Солнце, словно символ жертвенной славы, уходило за горизонт. Глядя на него, Ковенант мрачно подумал о том, что солнце всегда садится на западе, а стало быть, всяк смотрящий на запад обречен видеть прощальную красоту уходящей жизни и гаснущего света.

В следующее мгновение голос Хоннинскрю возвысился над шумом плещущихся о борт волн.

– Великаны не становятся избранниками Глаза Земли по своей воле. Нам не дано право выбора, но тот, на кого этот выбор падает, не пытается уклониться. Мы верим – или, во всяком случае, верили, – что в этом заключена тайна жизни и смерти. Так как же в таком случае могу я обвинять кого бы то ни было?

Великан говорил скорее для себя, чем для Кайла или Ковенанта.

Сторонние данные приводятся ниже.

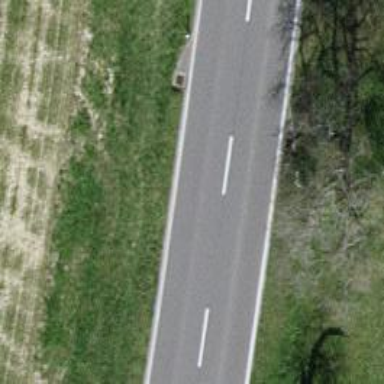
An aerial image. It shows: Primary highway.

– Глаз Земли снизошел на моего брата, Троса-Морского Мечтателя. Явленные ему видения причиняли боль, которую невозможно было скрыть, но что именно терзало его, брат сказать не мог. Можно предположить, что поразившая его немота была порождена одним из этих видений. Можно предположить, что это видение сделало для него невозможным такое отрицание смерти, которое не было бы одновременно и отрицанием жизни. Об этом я судить не берусь. Знаю одно: рассказать о своем состоянии он не мог, а потому не мог обрести спасение. В этом нет ничьей вины...

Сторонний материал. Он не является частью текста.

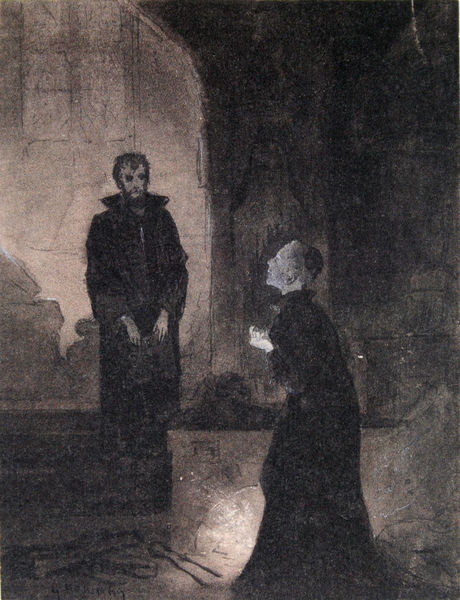
Titel: Faust und Mephisto im Studierzimmer
Künstler: Gabriel von Max
Standort: Prag
Institution: Nationalgalerie
Schlagwörter: dunkel, feuer, gemälde, hand, kopf, mann, schatten, umhang, weiß, fenster, finger, frau, grau, hut, kleid, köpfe, licht, mund, männer, nacht, nase, ohr, profil, raum, schwarz, skizze, szene, tisch, zeichnung, blick, haus, gespräch, malerei, symbolismus, bart, jung, kappe, augen, falten, gesicht, kragen, stein, steine, tod, tot, vollbart, bild, hände, innenraum, öl, kirche, gewand, haare, kutte, mantel, bühne, kamin, ofen, helldunkel, umrisse, bogen, zwei, studie, fläche, grafik, graphik, linien, figuren, papst, knie, gang, keller, tusche, zangen, gewölbe, torbogen, schwarzweiss, faust, ketten, knien, bedrohlich, mäntel, beten, gemäuer, gruft, werkzeug, gefängnis, kerker, flehen, priester, beeten, mönch, geistliche, kutten, anbeten, lavierung, bitten, beichte, mephisto, gespenstisch, kain, krypta, zange, werkzeuge, folter, inquisition, gnade, anhören, verlies, menetekel, stehn, folterkammer, zange ofen, männer zwei, frankenstein, geisllicher

Судя по тону, Хоннинскрю верил тому, что говорил, но застывшая в его глазах боль позволяла в этом усомниться.

– ...Его смерть не возложила на нас иного бремени, кроме бремени надежды.

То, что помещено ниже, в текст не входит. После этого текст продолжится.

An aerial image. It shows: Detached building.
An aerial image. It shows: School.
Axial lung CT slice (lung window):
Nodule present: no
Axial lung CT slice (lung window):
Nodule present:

Солнце уходило за край моря, закатные огни таяли, и лицо Великана из малинового превращалось в пепельно-серое.

– Необходимо надеяться, что, в конце концов, мы сумеем объяснить его уход. Объяснить, – негромко повторил капитан, – и понять.

В глазах Великана отражался умирающий свет. На своих собеседников он не смотрел.